What the task asks:
Write out the entries exactly, pictures excluded.

Data extracts:

Segment Open

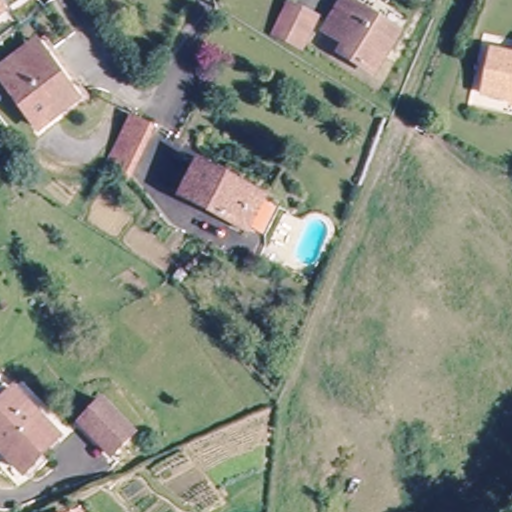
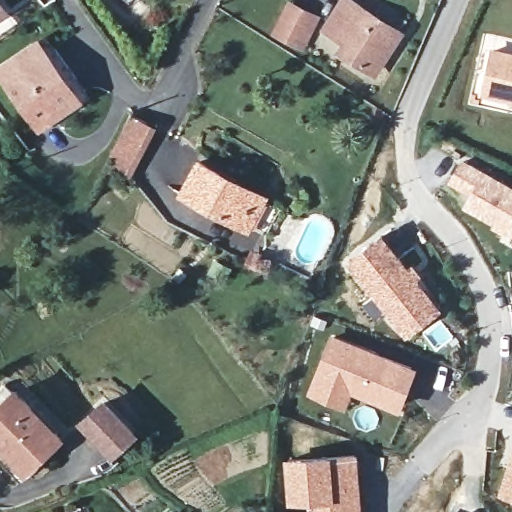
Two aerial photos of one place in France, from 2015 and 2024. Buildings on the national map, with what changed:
unchanged [(286,0),(288,0),(322,15),(304,52),(270,34),(286,0)]
unchanged [(377,70),(347,50),(352,42),(326,26),(342,0),(352,0),(401,30),(388,52),(377,70)]
unchanged [(0,14),(0,9),(3,12),(0,14)]
unchanged [(0,72),(38,45),(76,102),(36,130),(0,79),(0,72)]
unchanged [(484,93),(495,52),(512,57),(512,101),(484,93)]
unchanged [(126,179),(104,167),(130,112),(153,123),(126,179)]
new [(512,184),(512,235),(461,208),(470,193),(449,183),(463,155),(512,184)]
unchanged [(247,230),(237,225),(182,195),(200,161),(255,190),(265,195),(247,230)]
new [(442,310),(405,340),(346,261),(382,236),(442,310)]
new [(417,365),(401,410),(352,394),(345,410),(307,394),(333,333),(417,365)]
unchanged [(0,450),(0,402),(13,390),(58,438),(21,472),(0,450)]
unchanged [(105,450),(76,417),(100,395),(130,428),(105,450)]
new [(364,512),(314,512),(313,501),(287,503),(283,458),(359,452),(364,512)]
new [(499,497),(512,453),(512,501),(499,497)]

Segment Closed

Finished task:
Two aerial photos of one place in France, from 2015 and 2024. Buildings on the national map, with what changed:
unchanged [(286,0),(288,0),(322,15),(304,52),(270,34),(286,0)]
unchanged [(377,70),(347,50),(352,42),(326,26),(342,0),(352,0),(401,30),(388,52),(377,70)]
unchanged [(0,14),(0,9),(3,12),(0,14)]
unchanged [(0,72),(38,45),(76,102),(36,130),(0,79),(0,72)]
unchanged [(484,93),(495,52),(512,57),(512,101),(484,93)]
unchanged [(126,179),(104,167),(130,112),(153,123),(126,179)]
new [(512,184),(512,235),(461,208),(470,193),(449,183),(463,155),(512,184)]
unchanged [(247,230),(237,225),(182,195),(200,161),(255,190),(265,195),(247,230)]
new [(442,310),(405,340),(346,261),(382,236),(442,310)]
new [(417,365),(401,410),(352,394),(345,410),(307,394),(333,333),(417,365)]
unchanged [(0,450),(0,402),(13,390),(58,438),(21,472),(0,450)]
unchanged [(105,450),(76,417),(100,395),(130,428),(105,450)]
new [(364,512),(314,512),(313,501),(287,503),(283,458),(359,452),(364,512)]
new [(499,497),(512,453),(512,501),(499,497)]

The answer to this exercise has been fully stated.